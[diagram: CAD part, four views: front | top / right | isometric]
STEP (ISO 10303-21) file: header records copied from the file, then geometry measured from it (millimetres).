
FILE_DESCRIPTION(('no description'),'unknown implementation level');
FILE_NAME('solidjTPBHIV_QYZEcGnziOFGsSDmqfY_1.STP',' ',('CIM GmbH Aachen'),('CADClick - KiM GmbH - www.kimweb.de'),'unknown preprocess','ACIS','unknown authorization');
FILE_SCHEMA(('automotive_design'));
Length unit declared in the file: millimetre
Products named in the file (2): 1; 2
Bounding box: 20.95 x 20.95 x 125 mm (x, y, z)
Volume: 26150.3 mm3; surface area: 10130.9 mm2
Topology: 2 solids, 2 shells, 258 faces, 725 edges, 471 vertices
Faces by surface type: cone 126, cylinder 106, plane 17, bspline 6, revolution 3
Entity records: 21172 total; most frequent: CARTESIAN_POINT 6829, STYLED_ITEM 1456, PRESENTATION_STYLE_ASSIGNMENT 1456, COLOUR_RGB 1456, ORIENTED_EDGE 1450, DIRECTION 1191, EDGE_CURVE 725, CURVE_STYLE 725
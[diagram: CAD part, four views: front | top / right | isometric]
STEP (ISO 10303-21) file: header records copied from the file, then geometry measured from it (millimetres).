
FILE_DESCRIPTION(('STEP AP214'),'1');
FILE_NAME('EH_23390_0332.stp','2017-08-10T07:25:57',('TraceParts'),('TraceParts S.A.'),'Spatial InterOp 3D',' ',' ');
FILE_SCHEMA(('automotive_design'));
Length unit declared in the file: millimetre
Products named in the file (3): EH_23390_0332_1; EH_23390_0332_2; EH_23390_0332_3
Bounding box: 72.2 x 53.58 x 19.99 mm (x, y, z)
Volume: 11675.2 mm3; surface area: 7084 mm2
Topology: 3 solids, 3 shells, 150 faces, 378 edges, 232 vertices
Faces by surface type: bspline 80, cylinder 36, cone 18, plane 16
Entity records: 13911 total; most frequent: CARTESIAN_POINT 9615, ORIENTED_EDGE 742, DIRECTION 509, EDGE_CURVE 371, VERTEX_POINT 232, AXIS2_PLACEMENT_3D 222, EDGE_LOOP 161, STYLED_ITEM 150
○ ○ ○ ○
WHAT THE TASK REQUIRES >> Please retype all of the data above exactly as it appears.

RESULT FOR THIS TASK >>
[diagram: CAD part, four views: front | top / right | isometric]
STEP (ISO 10303-21) file: header records copied from the file, then geometry measured from it (millimetres).
FILE_DESCRIPTION(('no description'),'unknown implementation level');
FILE_NAME('solidjTPBHIV_QYZEcGnziOFGsSDmqfY_1.STP',' ',('CIM GmbH Aachen'),('CADClick - KiM GmbH - www.kimweb.de'),'unknown preprocess','ACIS','unknown authorization');
FILE_SCHEMA(('automotive_design'));
Length unit declared in the file: millimetre
Products named in the file (2): 1; 2
Bounding box: 20.95 x 20.95 x 125 mm (x, y, z)
Volume: 26150.3 mm3; surface area: 10130.9 mm2
Topology: 2 solids, 2 shells, 258 faces, 725 edges, 471 vertices
Faces by surface type: cone 126, cylinder 106, plane 17, bspline 6, revolution 3
Entity records: 21172 total; most frequent: CARTESIAN_POINT 6829, STYLED_ITEM 1456, PRESENTATION_STYLE_ASSIGNMENT 1456, COLOUR_RGB 1456, ORIENTED_EDGE 1450, DIRECTION 1191, EDGE_CURVE 725, CURVE_STYLE 725
[diagram: CAD part, four views: front | top / right | isometric]
STEP (ISO 10303-21) file: header records copied from the file, then geometry measured from it (millimetres).
FILE_DESCRIPTION(('STEP AP214'),'1');
FILE_NAME('EH_23390_0332.stp','2017-08-10T07:25:57',('TraceParts'),('TraceParts S.A.'),'Spatial InterOp 3D',' ',' ');
FILE_SCHEMA(('automotive_design'));
Length unit declared in the file: millimetre
Products named in the file (3): EH_23390_0332_1; EH_23390_0332_2; EH_23390_0332_3
Bounding box: 72.2 x 53.58 x 19.99 mm (x, y, z)
Volume: 11675.2 mm3; surface area: 7084 mm2
Topology: 3 solids, 3 shells, 150 faces, 378 edges, 232 vertices
Faces by surface type: bspline 80, cylinder 36, cone 18, plane 16
Entity records: 13911 total; most frequent: CARTESIAN_POINT 9615, ORIENTED_EDGE 742, DIRECTION 509, EDGE_CURVE 371, VERTEX_POINT 232, AXIS2_PLACEMENT_3D 222, EDGE_LOOP 161, STYLED_ITEM 150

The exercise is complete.